## What you have to do
Go through the data and retrieve each line that includes the string "fill".
== Segment start ==
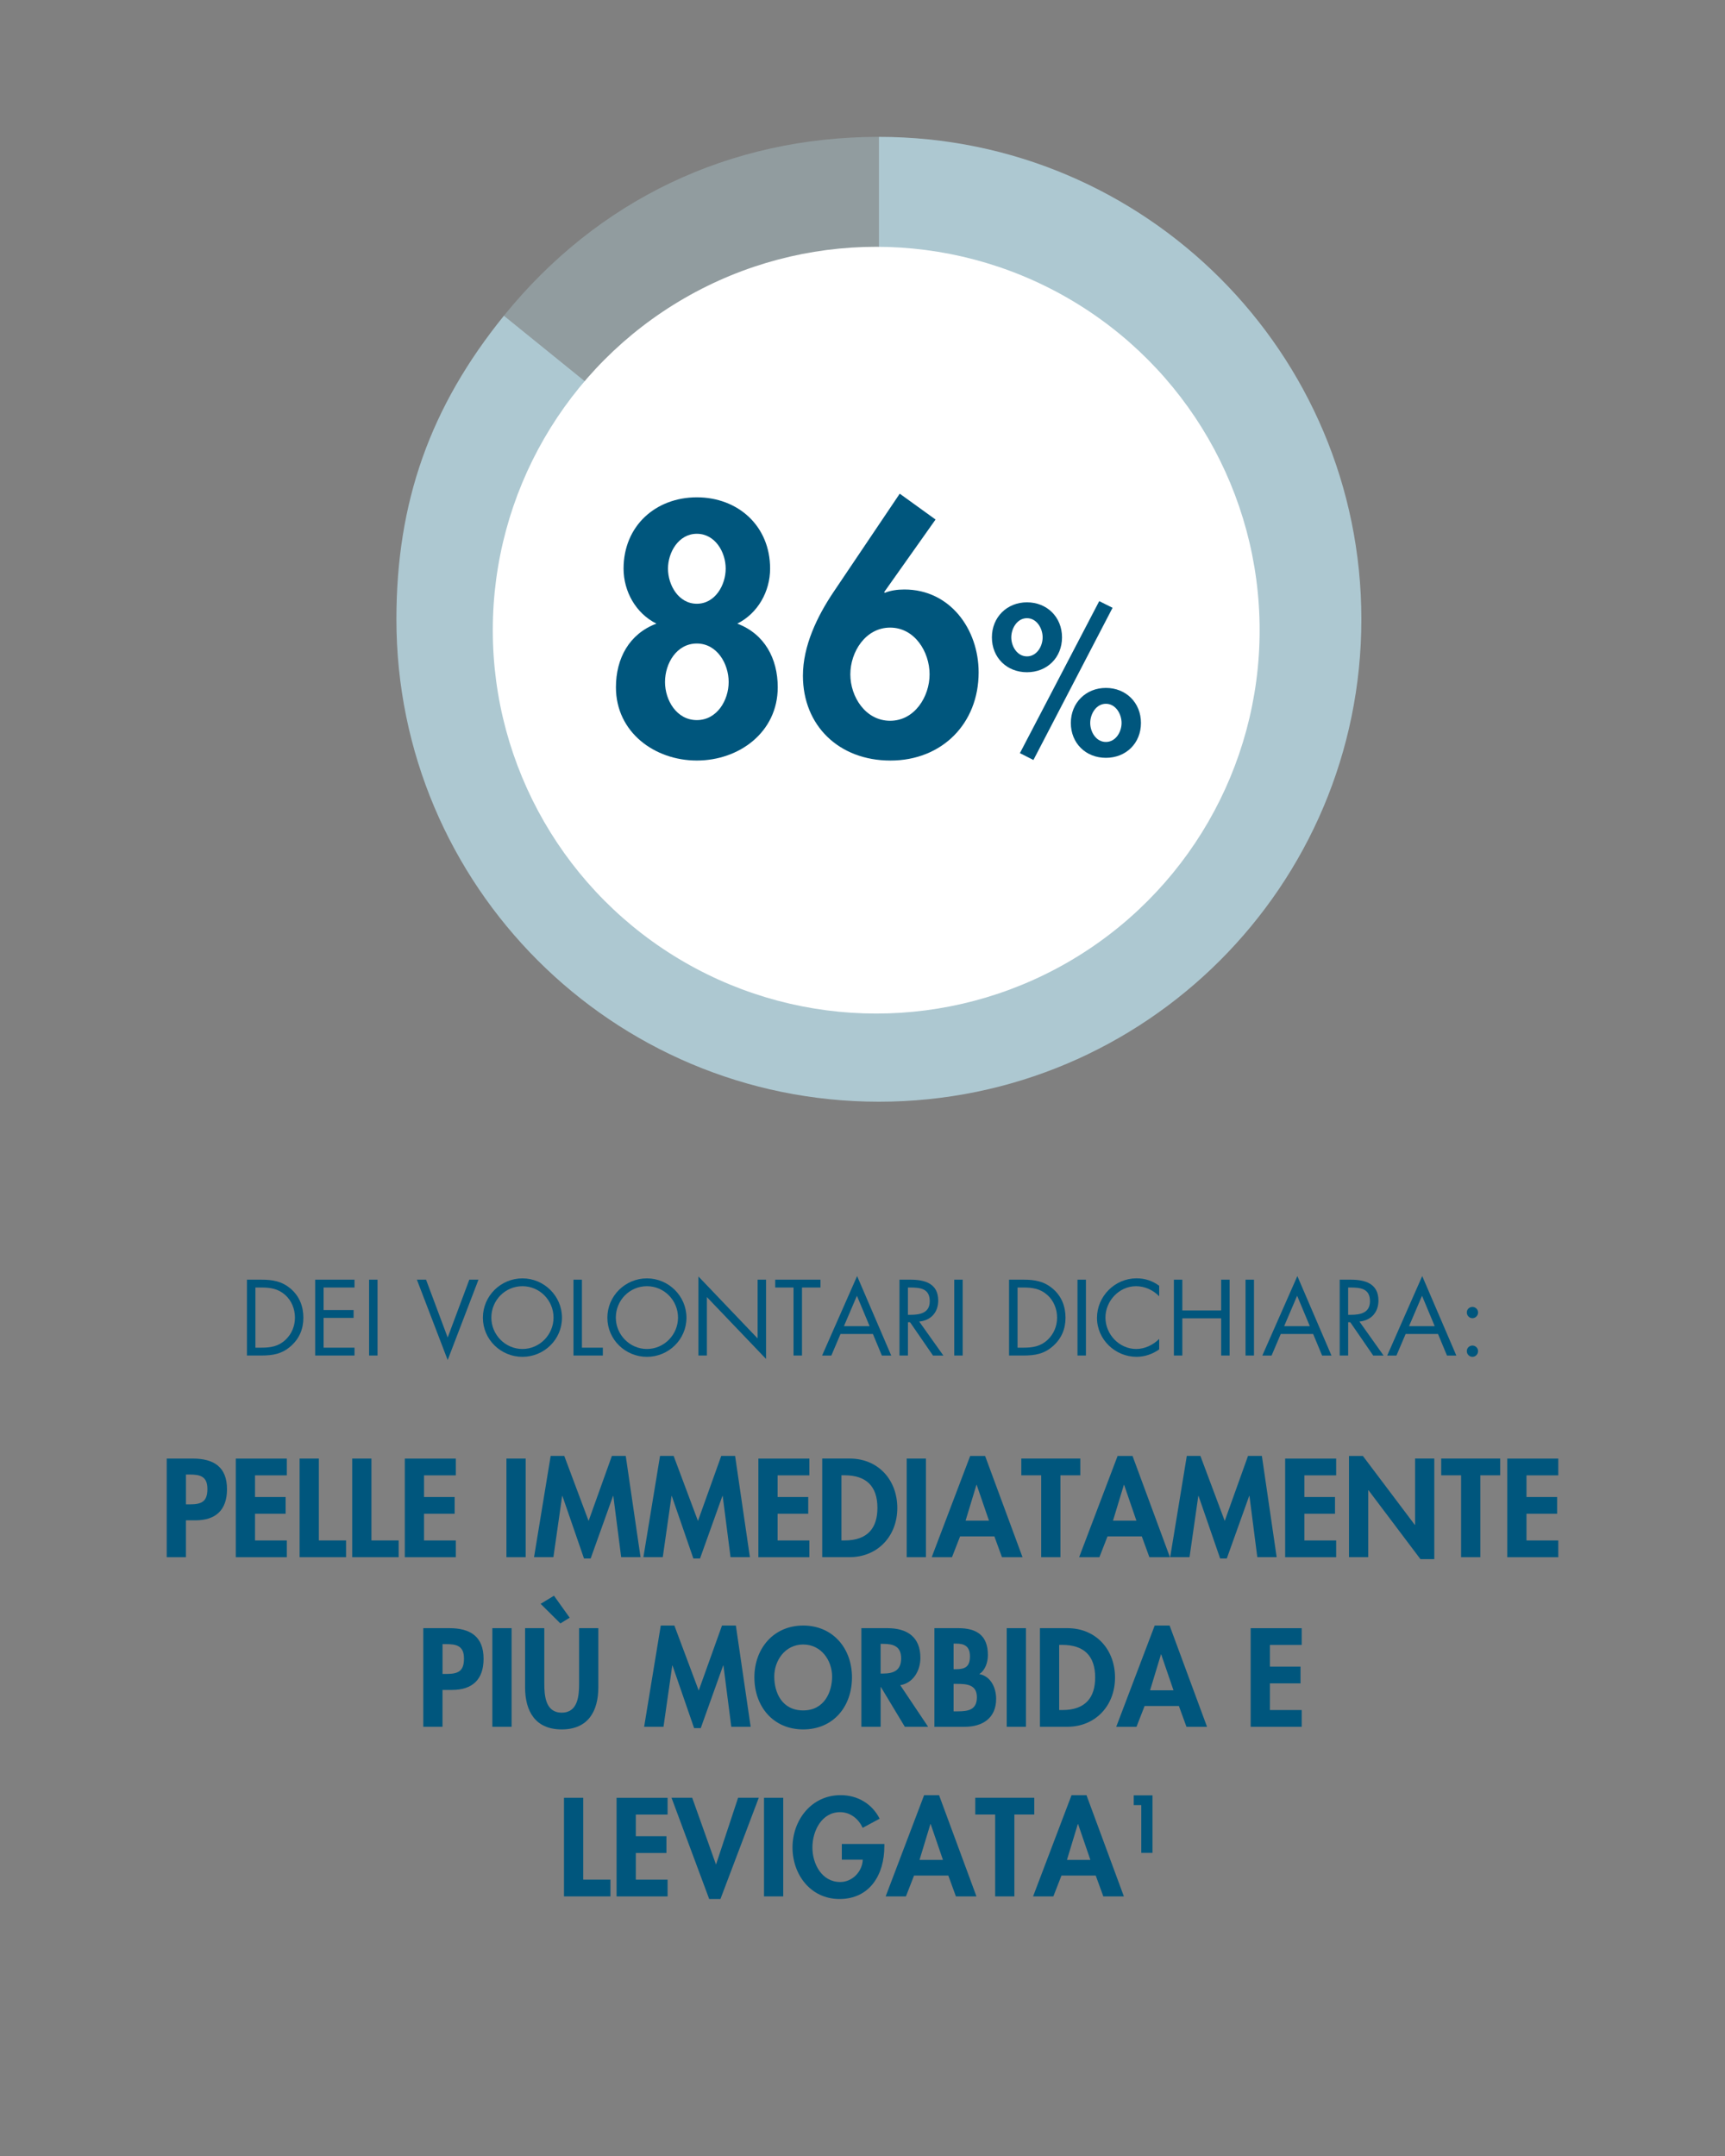 <?xml version="1.0" encoding="UTF-8"?>
<svg id="Livello_1" data-name="Livello 1" xmlns="http://www.w3.org/2000/svg" viewBox="0 0 800 1000">
  <rect x="0" y="0" width="800" height="1000" fill="#808080" stroke="none"/>
  <defs>
    <style>
      .cls-1 {
        fill: #00567d;
      }

      .cls-2 {
        opacity: .39;
      }

      .cls-2, .cls-3 {
        fill: #adc8d1;
      }

      .cls-4 {
        fill: #fff;
      }
    </style>
  </defs>
  <g>
    <path class="cls-1" d="M86.24,722.26h-8.92v-45.74h12.13c9.59,0,15.83,3.82,15.83,14.2,0,9.71-5.28,14.44-14.62,14.44h-4.43v17.11ZM86.24,697.75h1.82c5.28,0,8.13-1.15,8.13-7.1s-3.4-6.73-8.37-6.73h-1.58v13.83Z"/>
    <path class="cls-1" d="M118.27,684.28v10.07h14.2v7.77h-14.2v12.38h14.74v7.77h-23.66v-45.74h23.66v7.77h-14.74Z"/>
    <path class="cls-1" d="M147.87,714.49h12.62v7.77h-21.54v-45.74h8.92v37.98Z"/>
    <path class="cls-1" d="M172.26,714.49h12.62v7.77h-21.54v-45.74h8.92v37.98Z"/>
    <path class="cls-1" d="M196.65,684.28v10.07h14.2v7.77h-14.2v12.38h14.74v7.77h-23.66v-45.74h23.66v7.77h-14.74Z"/>
    <path class="cls-1" d="M243.79,722.26h-8.92v-45.74h8.92v45.74Z"/>
    <path class="cls-1" d="M284.43,693.86h-.12l-10.38,29h-3.09l-10.01-29h-.12l-4.06,28.39h-8.98l7.71-46.96h6.31l11.28,30.15,10.8-30.15h6.43l6.86,46.96h-8.98l-3.64-28.39Z"/>
    <path class="cls-1" d="M335.15,693.86h-.12l-10.38,29h-3.09l-10.01-29h-.12l-4.06,28.39h-8.98l7.71-46.96h6.31l11.28,30.15,10.8-30.15h6.43l6.86,46.96h-8.98l-3.64-28.39Z"/>
    <path class="cls-1" d="M360.63,684.28v10.07h14.2v7.77h-14.2v12.38h14.74v7.77h-23.66v-45.74h23.66v7.77h-14.74Z"/>
    <path class="cls-1" d="M381.32,676.51h12.74c13.23,0,22.08,9.89,22.08,22.93s-9.1,22.81-22.14,22.81h-12.68v-45.74ZM390.23,714.49h1.46c10.98,0,15.23-6.07,15.23-15.11,0-9.95-5.1-15.11-15.23-15.11h-1.46v30.21Z"/>
    <path class="cls-1" d="M429.42,722.26h-8.92v-45.74h8.92v45.74Z"/>
    <path class="cls-1" d="M445.26,712.61l-3.76,9.65h-9.4l17.84-46.96h6.92l17.35,46.96h-9.53l-3.52-9.65h-15.9ZM452.96,688.71h-.12l-5.04,16.62h10.86l-5.7-16.62Z"/>
    <path class="cls-1" d="M491.79,722.26h-8.92v-37.98h-9.22v-7.77h27.36v7.77h-9.22v37.98Z"/>
    <path class="cls-1" d="M513.63,712.61l-3.76,9.65h-9.4l17.84-46.96h6.92l17.35,46.96h-9.53l-3.52-9.65h-15.9ZM521.33,688.71h-.12l-5.04,16.62h10.86l-5.7-16.62Z"/>
    <path class="cls-1" d="M579.45,693.86h-.12l-10.38,29h-3.09l-10.01-29h-.12l-4.06,28.39h-8.98l7.71-46.96h6.31l11.28,30.15,10.8-30.15h6.43l6.86,46.96h-8.98l-3.64-28.39Z"/>
    <path class="cls-1" d="M604.93,684.28v10.07h14.2v7.77h-14.2v12.38h14.74v7.77h-23.66v-45.74h23.66v7.77h-14.74Z"/>
    <path class="cls-1" d="M625.62,675.3h6.43l24.09,31.97h.12v-30.76h8.92v46.65h-6.43l-24.09-31.97h-.12v31.06h-8.92v-46.96Z"/>
    <path class="cls-1" d="M686.53,722.26h-8.92v-37.98h-9.22v-7.77h27.36v7.77h-9.22v37.98Z"/>
    <path class="cls-1" d="M707.94,684.28v10.07h14.2v7.77h-14.2v12.38h14.74v7.77h-23.66v-45.74h23.66v7.77h-14.74Z"/>
    <path class="cls-1" d="M205.23,800.92h-8.92v-45.74h12.13c9.58,0,15.83,3.82,15.83,14.2,0,9.71-5.28,14.44-14.62,14.44h-4.43v17.11ZM205.23,776.41h1.82c5.28,0,8.13-1.15,8.13-7.1s-3.4-6.73-8.37-6.73h-1.58v13.83Z"/>
    <path class="cls-1" d="M237.26,800.92h-8.92v-45.74h8.92v45.74Z"/>
    <path class="cls-1" d="M243.51,755.18h8.92v25.6c0,5.64.49,13.59,8.07,13.59s8.07-7.95,8.07-13.59v-25.6h8.92v27.36c0,11.16-4.73,19.6-16.99,19.6s-16.99-8.43-16.99-19.6v-27.36ZM256.92,740.13l7.28,10.19-4.31,2.67-9.16-9.1,6.19-3.76Z"/>
    <path class="cls-1" d="M335.48,772.53h-.12l-10.37,29h-3.09l-10.01-29h-.12l-4.06,28.39h-8.98l7.71-46.96h6.31l11.29,30.15,10.8-30.15h6.43l6.86,46.96h-8.98l-3.64-28.39Z"/>
    <path class="cls-1" d="M372.49,802.14c-13.95,0-22.63-10.68-22.63-24.15s8.98-24.03,22.63-24.03,22.63,10.44,22.63,24.03-8.68,24.15-22.63,24.15ZM372.49,762.76c-8.43,0-13.41,7.46-13.41,14.86s3.52,15.71,13.41,15.71,13.41-8.67,13.41-15.71c0-7.4-4.97-14.86-13.41-14.86Z"/>
    <path class="cls-1" d="M430.43,800.92h-10.8l-11.1-18.44h-.12v18.44h-8.92v-45.74h12.07c9.04,0,15.29,4,15.29,13.77,0,5.82-3.22,11.65-9.34,12.68l12.92,19.29ZM408.4,776.23h1.15c4.91,0,8.37-1.46,8.37-7.04s-3.58-6.73-8.31-6.73h-1.21v13.77Z"/>
    <path class="cls-1" d="M433.34,755.18h11.1c8.49,0,13.71,3.34,13.71,12.44,0,3.28-1.15,7.04-4,8.86,5.4.97,7.83,6.43,7.83,11.47,0,8.98-6.31,12.98-14.62,12.98h-14.01v-45.74ZM442.25,774.23h1.09c4.37,0,6.49-1.27,6.49-6.01s-2.67-5.88-6.43-5.88h-1.15v11.89ZM442.25,793.76h1.88c4.79,0,8.92-.61,8.92-6.55s-4.85-6.19-9.34-6.19h-1.46v12.74Z"/>
    <path class="cls-1" d="M475.8,800.92h-8.92v-45.74h8.92v45.74Z"/>
    <path class="cls-1" d="M482.29,755.18h12.74c13.23,0,22.08,9.89,22.08,22.93s-9.1,22.81-22.14,22.81h-12.68v-45.74ZM491.21,793.16h1.46c10.98,0,15.23-6.07,15.23-15.11,0-9.95-5.1-15.11-15.23-15.11h-1.46v30.21Z"/>
    <path class="cls-1" d="M530.83,791.28l-3.76,9.65h-9.4l17.84-46.96h6.92l17.35,46.96h-9.53l-3.52-9.65h-15.9ZM538.53,767.37h-.12l-5.04,16.62h10.86l-5.7-16.62Z"/>
    <path class="cls-1" d="M588.94,762.94v10.07h14.2v7.77h-14.2v12.38h14.74v7.77h-23.66v-45.74h23.66v7.77h-14.74Z"/>
    <path class="cls-1" d="M270.48,871.82h12.62v7.77h-21.54v-45.74h8.92v37.98Z"/>
    <path class="cls-1" d="M294.87,841.61v10.07h14.2v7.77h-14.2v12.38h14.74v7.77h-23.66v-45.74h23.66v7.77h-14.74Z"/>
    <path class="cls-1" d="M332,864.66h.12l10.19-30.82h9.59l-17.78,46.96h-5.22l-17.47-46.96h9.59l10.98,30.82Z"/>
    <path class="cls-1" d="M363.24,879.59h-8.92v-45.74h8.92v45.74Z"/>
    <path class="cls-1" d="M410.13,855.26v1.15c0,12.92-6.61,24.39-20.81,24.39-13.35,0-21.78-11.29-21.78-23.9s8.68-24.27,22.33-24.27c7.77,0,14.56,3.94,18.08,10.92l-7.89,4.25c-1.82-4.13-5.7-7.28-10.43-7.28-8.62,0-12.86,8.8-12.86,16.38s4.31,16.02,12.92,16.02c5.58,0,10.25-4.85,10.43-10.37h-9.71v-7.28h19.72Z"/>
    <path class="cls-1" d="M423.9,869.94l-3.76,9.65h-9.4l17.84-46.96h6.92l17.35,46.96h-9.53l-3.52-9.65h-15.9ZM431.61,846.04h-.12l-5.04,16.62h10.86l-5.7-16.62Z"/>
    <path class="cls-1" d="M470.44,879.59h-8.92v-37.98h-9.22v-7.77h27.36v7.77h-9.22v37.98Z"/>
    <path class="cls-1" d="M492.27,869.94l-3.76,9.65h-9.4l17.84-46.96h6.92l17.35,46.96h-9.53l-3.52-9.65h-15.9ZM499.98,846.04h-.12l-5.04,16.62h10.86l-5.7-16.62Z"/>
    <path class="cls-1" d="M525.79,837.25v-4.53h8.7v26.67h-5.2v-22.14h-3.5Z"/>
  </g>
  <g>
    <path class="cls-1" d="M114.52,593.54h6.63c5.27,0,9.57.7,13.72,4.25,4.01,3.45,5.83,8.17,5.83,13.39s-1.87,9.66-5.74,13.11c-4.2,3.73-8.4,4.43-13.91,4.43h-6.53v-35.18ZM121.29,625.08c4.29,0,7.89-.61,11.11-3.64,2.89-2.71,4.39-6.39,4.39-10.31s-1.54-7.89-4.57-10.54c-3.22-2.85-6.77-3.41-10.92-3.41h-2.85v27.9h2.85Z"/>
    <path class="cls-1" d="M146.16,593.54h18.25v3.64h-14.33v10.45h13.91v3.64h-13.91v13.81h14.33v3.64h-18.25v-35.18Z"/>
    <path class="cls-1" d="M175.09,628.72h-3.92v-35.18h3.92v35.18Z"/>
    <path class="cls-1" d="M207.62,620.37l10.03-26.83h4.25l-14.28,37.28-14.28-37.28h4.25l10.03,26.83Z"/>
    <path class="cls-1" d="M260.63,611.18c0,10.13-8.31,18.15-18.34,18.15s-18.34-8.03-18.34-18.15,8.31-18.24,18.34-18.24,18.34,8.17,18.34,18.24ZM227.87,611.13c0,7.93,6.44,14.56,14.42,14.56s14.42-6.63,14.42-14.56-6.35-14.56-14.42-14.56-14.42,6.58-14.42,14.56Z"/>
    <path class="cls-1" d="M269.87,625.08h9.71v3.64h-13.62v-35.18h3.92v31.54Z"/>
    <path class="cls-1" d="M318.36,611.18c0,10.13-8.31,18.15-18.34,18.15s-18.34-8.03-18.34-18.15,8.31-18.24,18.34-18.24,18.34,8.17,18.34,18.24ZM285.6,611.13c0,7.93,6.44,14.56,14.42,14.56s14.42-6.63,14.42-14.56-6.35-14.56-14.42-14.56-14.42,6.58-14.42,14.56Z"/>
    <path class="cls-1" d="M323.91,592.05l27.44,28.74v-27.25h3.92v36.77l-27.44-28.7v27.11h-3.92v-36.68Z"/>
    <path class="cls-1" d="M371.93,628.72h-3.92v-31.54h-8.49v-3.64h21v3.64h-8.58v31.54Z"/>
    <path class="cls-1" d="M389.8,618.74l-4.25,9.99h-4.29l16.24-36.86,15.82,36.86h-4.34l-4.15-9.99h-15.02ZM397.41,601.01l-6.02,14.09h11.9l-5.88-14.09Z"/>
    <path class="cls-1" d="M421.07,628.72h-3.92v-35.18h5.09c6.67,0,12.88,1.77,12.88,9.71,0,5.41-3.41,9.24-8.82,9.71l11.2,15.77h-4.81l-10.64-15.45h-.98v15.45ZM421.07,609.83h1.21c4.43,0,8.91-.84,8.91-6.3,0-5.79-4.25-6.35-8.96-6.35h-1.17v12.65Z"/>
    <path class="cls-1" d="M446.46,628.72h-3.92v-35.18h3.92v35.18Z"/>
    <path class="cls-1" d="M467.97,593.54h6.63c5.27,0,9.57.7,13.72,4.25,4.01,3.45,5.83,8.17,5.83,13.39s-1.87,9.66-5.74,13.11c-4.2,3.73-8.4,4.43-13.91,4.43h-6.53v-35.18ZM474.74,625.08c4.29,0,7.89-.61,11.11-3.64,2.89-2.71,4.39-6.39,4.39-10.31s-1.54-7.89-4.57-10.54c-3.22-2.85-6.77-3.41-10.92-3.41h-2.85v27.9h2.85Z"/>
    <path class="cls-1" d="M503.62,628.72h-3.92v-35.18h3.92v35.18Z"/>
    <path class="cls-1" d="M537.59,601.24c-2.8-2.89-6.67-4.67-10.73-4.67-7.84,0-14.19,6.81-14.19,14.56s6.39,14.56,14.28,14.56c3.97,0,7.84-1.87,10.64-4.67v4.85c-3.03,2.19-6.77,3.45-10.5,3.45-9.94,0-18.34-8.07-18.34-18.06s8.26-18.34,18.34-18.34c3.92,0,7.37,1.12,10.5,3.45v4.85Z"/>
    <path class="cls-1" d="M566.34,607.82v-14.28h3.92v35.18h-3.92v-17.26h-18.01v17.26h-3.92v-35.18h3.92v14.28h18.01Z"/>
    <path class="cls-1" d="M581.56,628.72h-3.92v-35.18h3.92v35.18Z"/>
    <path class="cls-1" d="M593.97,618.74l-4.25,9.99h-4.29l16.24-36.86,15.82,36.86h-4.34l-4.15-9.99h-15.02ZM601.57,601.01l-6.02,14.09h11.9l-5.88-14.09Z"/>
    <path class="cls-1" d="M625.23,628.72h-3.92v-35.18h5.09c6.67,0,12.88,1.77,12.88,9.71,0,5.41-3.41,9.24-8.82,9.71l11.2,15.77h-4.81l-10.64-15.45h-.98v15.45ZM625.23,609.83h1.21c4.43,0,8.91-.84,8.91-6.3,0-5.79-4.25-6.35-8.96-6.35h-1.17v12.65Z"/>
    <path class="cls-1" d="M651.88,618.74l-4.25,9.99h-4.29l16.24-36.86,15.82,36.86h-4.34l-4.15-9.99h-15.02ZM659.49,601.01l-6.02,14.09h11.9l-5.88-14.09Z"/>
    <path class="cls-1" d="M685.48,608.75c0,1.45-1.17,2.66-2.61,2.66s-2.61-1.21-2.61-2.66,1.17-2.57,2.61-2.57,2.61,1.17,2.61,2.57ZM685.48,626.67c0,1.45-1.17,2.66-2.61,2.66s-2.61-1.21-2.61-2.66,1.17-2.57,2.61-2.57,2.61,1.17,2.61,2.57Z"/>
  </g>
  <g>
    <g>
      <path class="cls-2" d="M407.6,287.23l-173.89-140.81c43.55-53.78,104.69-82.94,173.89-82.94v223.76Z"/>
      <path class="cls-3" d="M407.6,287.23V63.48c123.58,0,223.76,100.18,223.76,223.76s-100.18,223.76-223.76,223.76-223.76-100.18-223.76-223.76c0-54.37,15.65-98.56,49.87-140.81l173.89,140.81Z"/>
    </g>
    <circle class="cls-4" cx="406.36" cy="292.29" r="177.82"/>
  </g>
  <g>
    <path class="cls-1" d="M289.19,263.73c0-19.84,14.92-33.06,33.98-33.06s33.98,13.22,33.98,33.06c0,10.61-5.69,20.76-15.22,25.52,12.61,4.77,18.76,16.14,18.76,29.52,0,20.91-17.99,33.98-37.52,33.98s-37.52-13.07-37.52-33.98c0-13.38,6.15-24.76,18.76-29.52-9.53-4.77-15.22-14.92-15.22-25.52ZM308.41,316.32c0,8.46,5.38,17.68,14.76,17.68s14.76-9.23,14.76-17.68-5.38-17.84-14.76-17.84-14.76,9.23-14.76,17.84ZM309.79,263.73c0,7.69,4.92,16.3,13.38,16.3s13.38-8.61,13.38-16.3-4.92-16.15-13.38-16.15-13.38,8.61-13.38,16.15Z"/>
    <path class="cls-1" d="M433.87,240.98l-23.83,33.67.31.31c2.61-1.08,5.84-1.54,9.07-1.54,21.22,0,34.44,18.45,34.44,38.44,0,23.83-17.07,40.9-40.9,40.9s-40.59-16.15-40.59-39.36c0-13.84,6.61-27.52,14.15-38.75l30.75-45.67,16.61,11.99ZM431.11,312.78c0-10.46-6.92-21.68-18.3-21.68s-18.45,11.22-18.45,21.68,7.07,21.53,18.45,21.53,18.3-11.22,18.3-21.53Z"/>
    <path class="cls-1" d="M492.53,295.63c0,9.36-6.9,16.17-16.26,16.17s-16.26-6.81-16.26-16.17,7-16.26,16.26-16.26,16.26,6.81,16.26,16.26ZM469,295.63c0,4.18,2.73,8.81,7.27,8.81s7.27-4.63,7.27-8.81-2.73-8.9-7.27-8.9-7.27,4.72-7.27,8.9ZM515.97,281.91l-36.7,70.59-6.27-3.18,36.79-70.5,6.18,3.09ZM529.14,335.33c0,9.36-6.9,16.17-16.26,16.17s-16.26-6.81-16.26-16.17,7-16.26,16.26-16.26,16.26,6.81,16.26,16.26ZM505.61,335.33c0,4.18,2.73,8.81,7.27,8.81s7.27-4.63,7.27-8.81-2.73-8.9-7.27-8.9-7.27,4.72-7.27,8.9Z"/>
  </g>
</svg>
== Segment end ==
## Solution to the problem
  <rect x="0" y="0" width="800" height="1000" fill="#808080" stroke="none"/>
        fill: #00567d;
        fill: #adc8d1;
        fill: #fff;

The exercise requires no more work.